Коммерциализация красоты связана с тем, что красоте нет места в мире. Как часто я видела, что женщины самой красивой наружности предпочитают подделываться под простушек, они не могут осмелиться на свою собственную природу: что, какие бы события, какая любовь могла бы соответствовать такой красоте, героинями каких событий они могли бы быть? Об этом как-то сказал Йейтс, думая о своей возлюбленной, избравшей путь революционерки. Он сравнивает: «Чем быть могла такая, как она? Где Троя, чтобы сжечь ту Трою снова?» И вот женщина с самой изысканной, сложной красотой усваивает манеру поведения, как будто извиняющуюся за ее красоту, и только, быть может, в любви к нервным, чем-то недовольным, мучающим их мужчинам сказывается это ожидание «чего-то иного». Что произойдет с этими особенно красивыми женщинами? «Девушка, которая когда-то знала всего Данта, сегодня замужем за дураком»,– тоже Йейтс. Пусть так, но пусть тогда и мое сердце не тревожат трагедией. Я, по примеру многих интеллектуалов, тоже выберу маленькую Ио, ведь ее история так проста и невинна, это просто французский адюльтер. Зевс полюбил ее, и, чтобы скрыть от гнева жены своей Геры, обратил в корову, Гера же наслала овода, и тот преследовал бедную Ио, заключенную в обличье коровы, по всем землям. Ио не виновата, причина ее страдания – не в ее крови. Не то что Антигона, которая принимает свое страдание на себя сама. Вместе с Креонтом, увещевающим Антигону, я бы стала говорить, чтобы она не мучила зря себя и других.

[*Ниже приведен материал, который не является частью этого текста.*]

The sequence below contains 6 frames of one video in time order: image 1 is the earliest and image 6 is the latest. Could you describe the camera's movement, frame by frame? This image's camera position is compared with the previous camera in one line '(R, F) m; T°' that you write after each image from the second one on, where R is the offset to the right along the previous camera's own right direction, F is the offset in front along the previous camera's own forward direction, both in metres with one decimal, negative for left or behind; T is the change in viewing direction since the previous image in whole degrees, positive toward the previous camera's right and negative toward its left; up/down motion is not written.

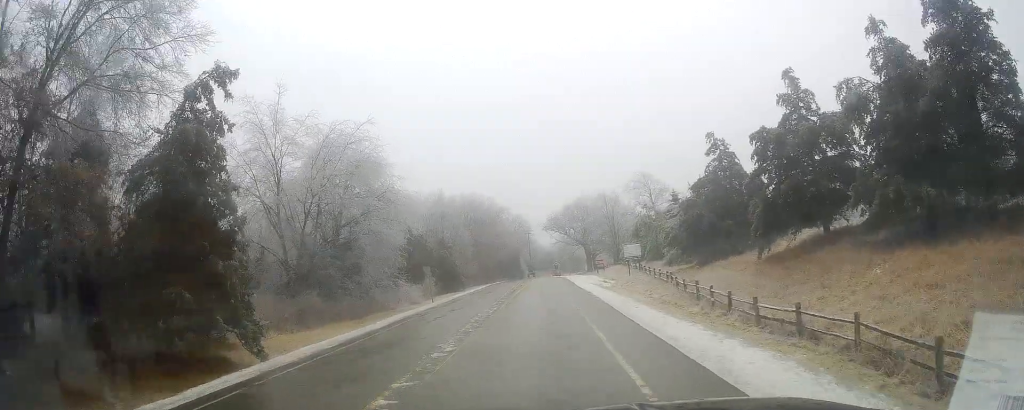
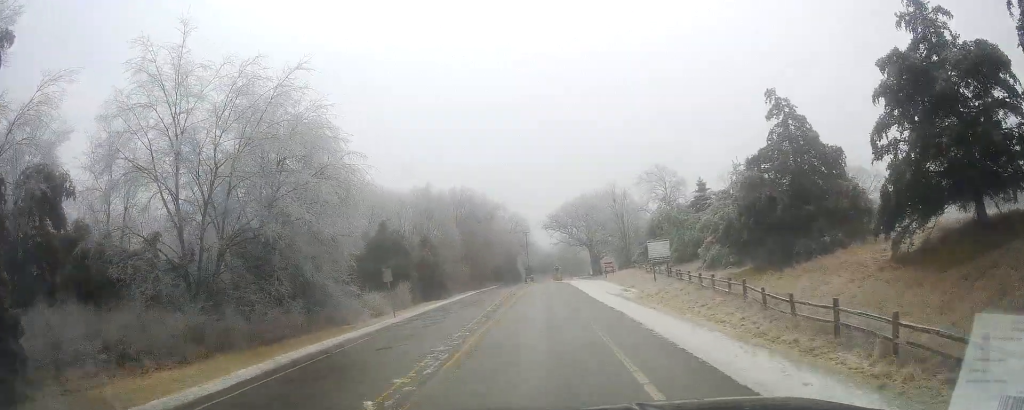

Наше время – говорила бы я – время корректности. Любое требование быть «героем», действовать соответственно «героической этике», «этике страдания» кажется или фашизмом, или опасным радикализмом, который не имеет будущего внутри сообщества и ведет его только к страданиям и смерти, как в Сербии. Неожиданное, случайное, необоснованное, катастрофическое изъятие из обычного потока жизни и есть трагедия. Но когда не рак, не СПИД, не война, не жало болезни, не старость; когда из-за правды, пронзающей мозг, тихому – в крик, здоровому – в смерть,– это уже трагедия, возведенная в степень, почти в безумие, это уже слишком, как и когда красивый играет трагического героя. Некрасивого трагедия поднимет и сделает красивым: отделив от остальных людей, сделав прекрасным человеком. На это согласен и западный взгляд (трагедия в случае Ларса фон Триера). Но как быть с уже красивым, уже прекрасным?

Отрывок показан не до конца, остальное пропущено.